___ Supplied material ___
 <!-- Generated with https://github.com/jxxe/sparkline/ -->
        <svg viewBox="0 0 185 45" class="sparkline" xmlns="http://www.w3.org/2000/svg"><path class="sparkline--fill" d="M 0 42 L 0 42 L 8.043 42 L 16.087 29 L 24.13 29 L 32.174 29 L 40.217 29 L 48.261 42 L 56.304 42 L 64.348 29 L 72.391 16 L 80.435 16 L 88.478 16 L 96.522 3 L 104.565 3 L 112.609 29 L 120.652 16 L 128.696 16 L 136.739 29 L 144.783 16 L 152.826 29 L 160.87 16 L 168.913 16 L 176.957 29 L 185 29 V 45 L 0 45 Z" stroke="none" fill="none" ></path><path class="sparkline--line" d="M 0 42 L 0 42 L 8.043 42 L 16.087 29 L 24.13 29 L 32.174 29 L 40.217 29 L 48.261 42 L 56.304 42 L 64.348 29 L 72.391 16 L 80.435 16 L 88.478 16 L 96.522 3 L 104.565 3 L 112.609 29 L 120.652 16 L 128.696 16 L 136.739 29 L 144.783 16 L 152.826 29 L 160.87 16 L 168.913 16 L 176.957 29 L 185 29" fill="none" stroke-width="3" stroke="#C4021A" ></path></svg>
___
___ Supplied material ___
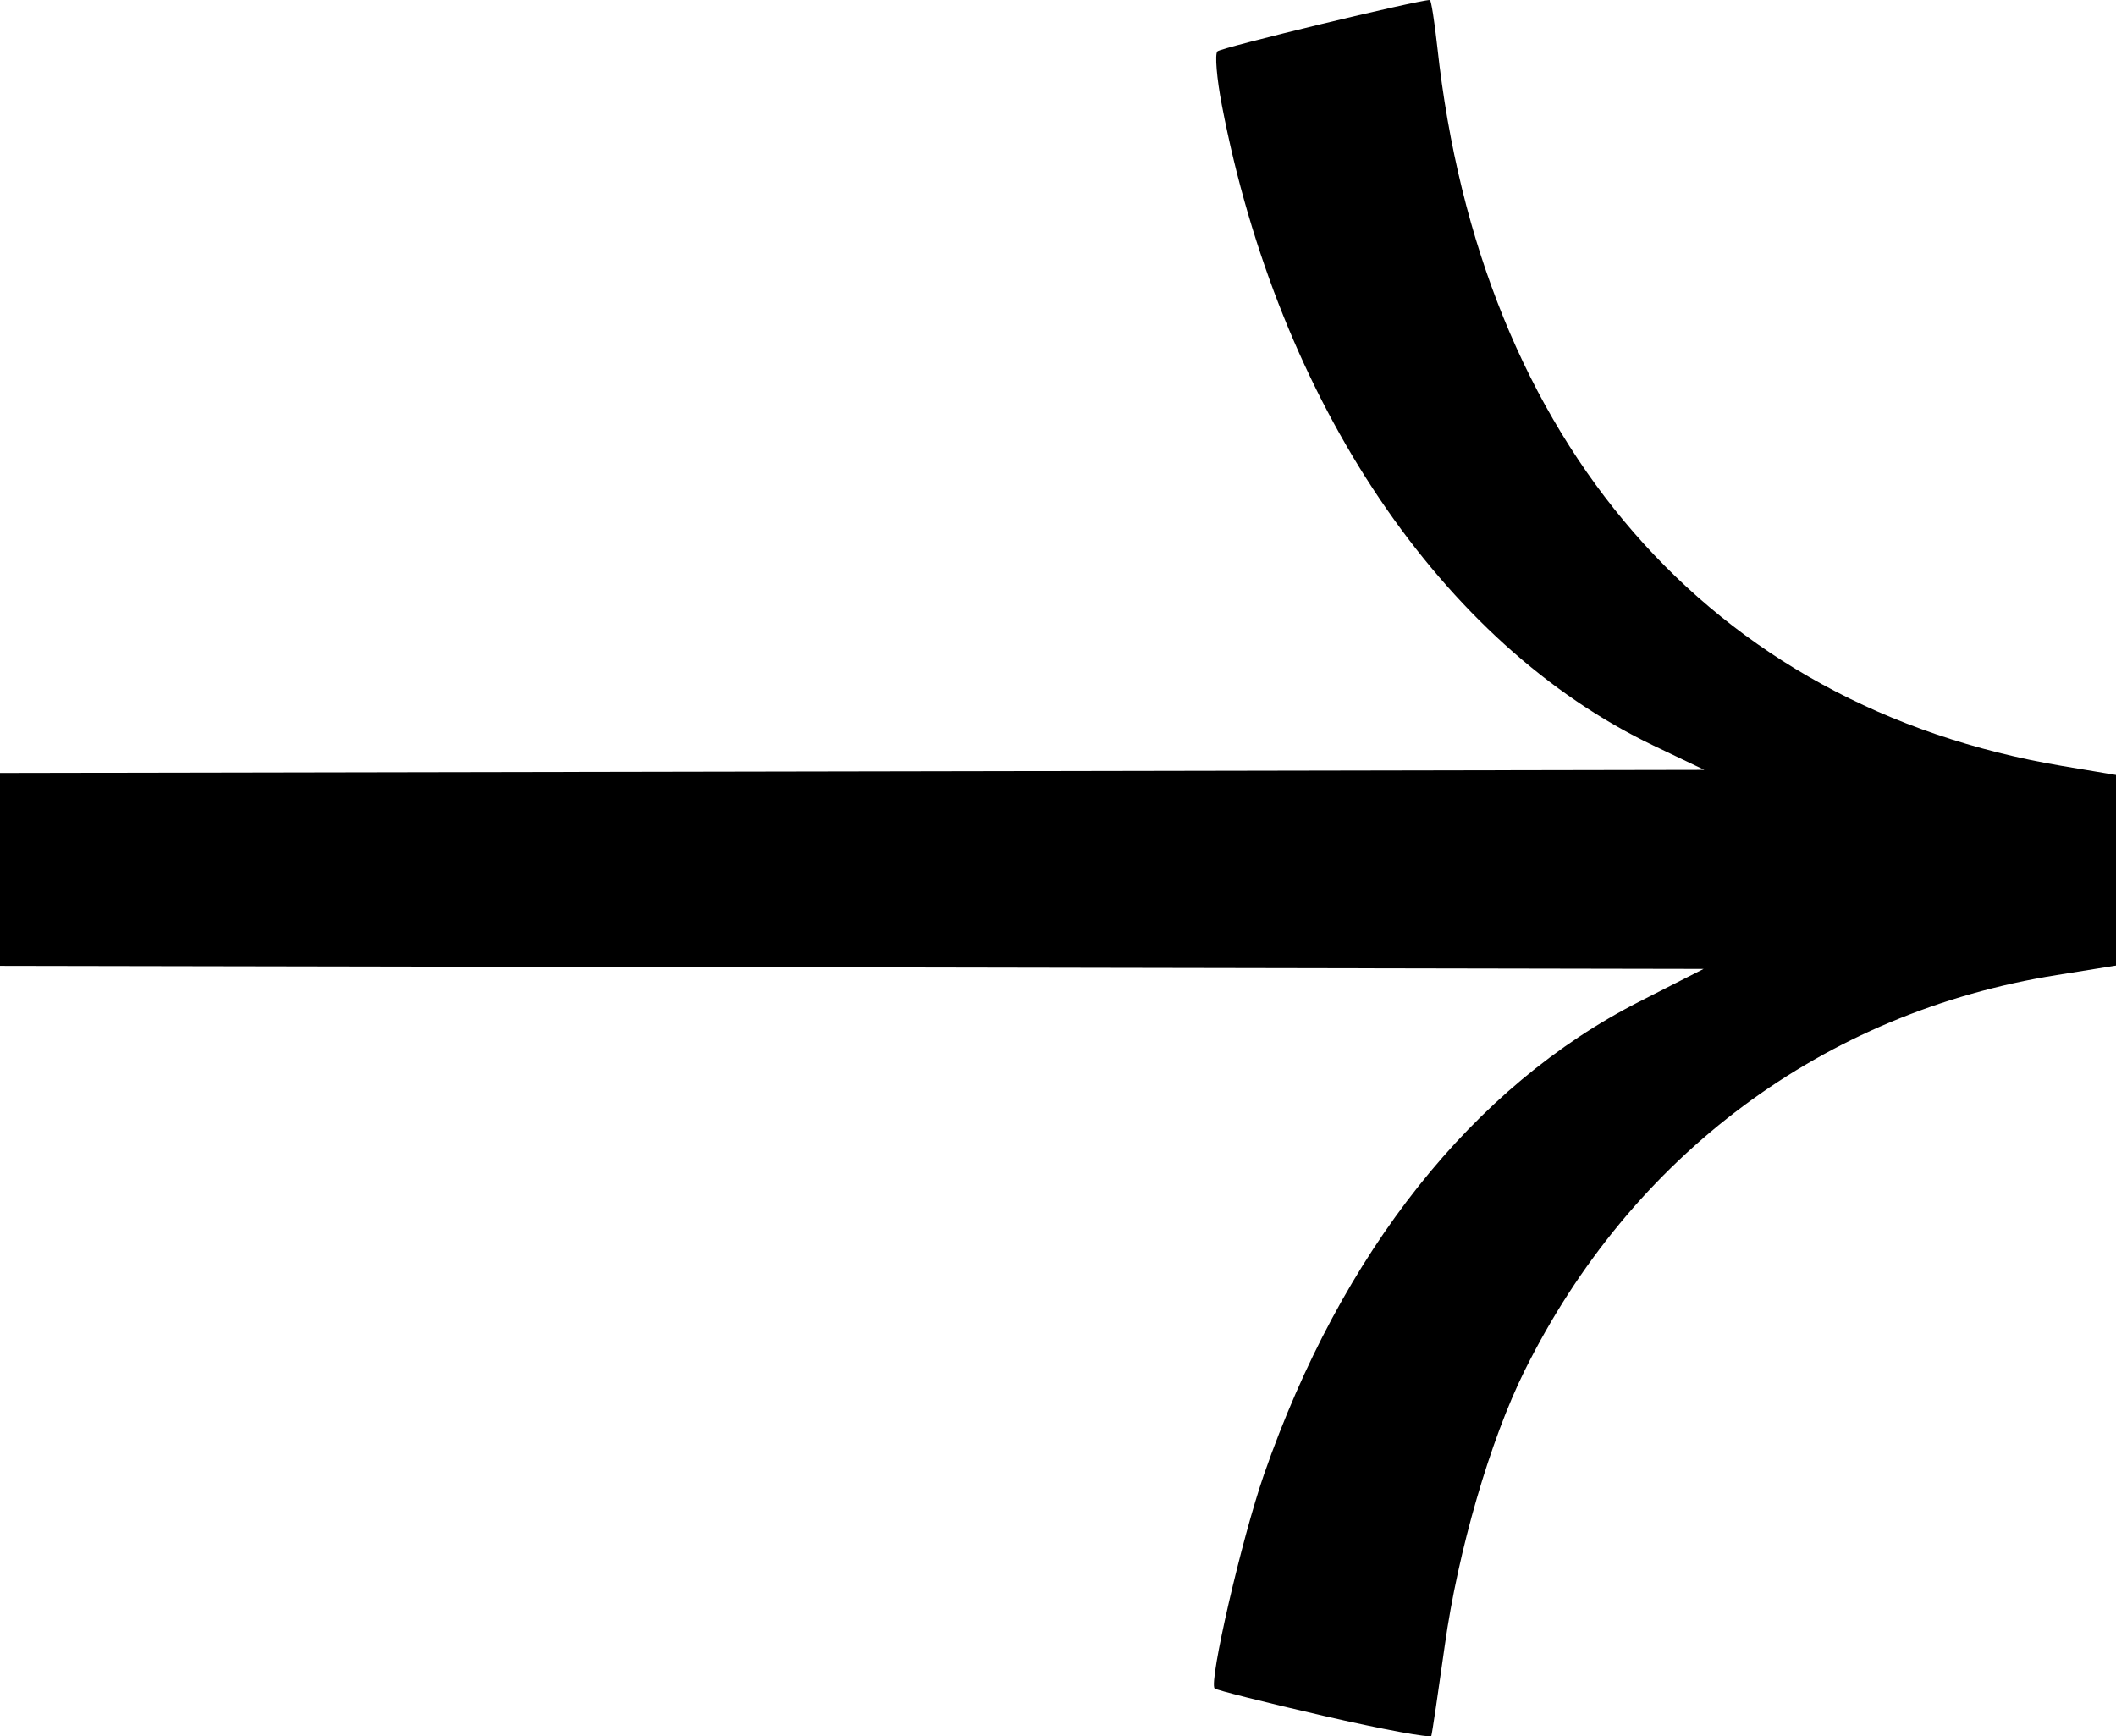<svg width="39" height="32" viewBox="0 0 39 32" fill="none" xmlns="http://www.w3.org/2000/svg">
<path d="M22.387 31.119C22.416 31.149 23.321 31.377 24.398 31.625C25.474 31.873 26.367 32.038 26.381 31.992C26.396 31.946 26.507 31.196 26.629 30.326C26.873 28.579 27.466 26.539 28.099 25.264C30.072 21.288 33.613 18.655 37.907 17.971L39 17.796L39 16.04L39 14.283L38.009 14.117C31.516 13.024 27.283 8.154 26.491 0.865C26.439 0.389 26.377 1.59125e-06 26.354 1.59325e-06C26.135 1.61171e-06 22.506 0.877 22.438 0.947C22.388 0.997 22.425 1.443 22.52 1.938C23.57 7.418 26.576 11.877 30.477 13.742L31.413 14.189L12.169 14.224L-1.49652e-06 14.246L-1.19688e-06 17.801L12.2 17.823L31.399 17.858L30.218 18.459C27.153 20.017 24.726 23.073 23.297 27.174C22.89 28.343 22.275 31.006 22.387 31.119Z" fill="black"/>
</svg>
___
Task details:
Above are the records; print exactly the lines from the line with "<!-- Generated with" to the line with "185 29 V 45", including both, and nothing else.

Task solution:
 <!-- Generated with https://github.com/jxxe/sparkline/ -->
        <svg viewBox="0 0 185 45" class="sparkline" xmlns="http://www.w3.org/2000/svg"><path class="sparkline--fill" d="M 0 42 L 0 42 L 8.043 42 L 16.087 29 L 24.13 29 L 32.174 29 L 40.217 29 L 48.261 42 L 56.304 42 L 64.348 29 L 72.391 16 L 80.435 16 L 88.478 16 L 96.522 3 L 104.565 3 L 112.609 29 L 120.652 16 L 128.696 16 L 136.739 29 L 144.783 16 L 152.826 29 L 160.87 16 L 168.913 16 L 176.957 29 L 185 29 V 45 L 0 45 Z" stroke="none" fill="none" ></path><path class="sparkline--line" d="M 0 42 L 0 42 L 8.043 42 L 16.087 29 L 24.13 29 L 32.174 29 L 40.217 29 L 48.261 42 L 56.304 42 L 64.348 29 L 72.391 16 L 80.435 16 L 88.478 16 L 96.522 3 L 104.565 3 L 112.609 29 L 120.652 16 L 128.696 16 L 136.739 29 L 144.783 16 L 152.826 29 L 160.87 16 L 168.913 16 L 176.957 29 L 185 29" fill="none" stroke-width="3" stroke="#C4021A" ></path></svg>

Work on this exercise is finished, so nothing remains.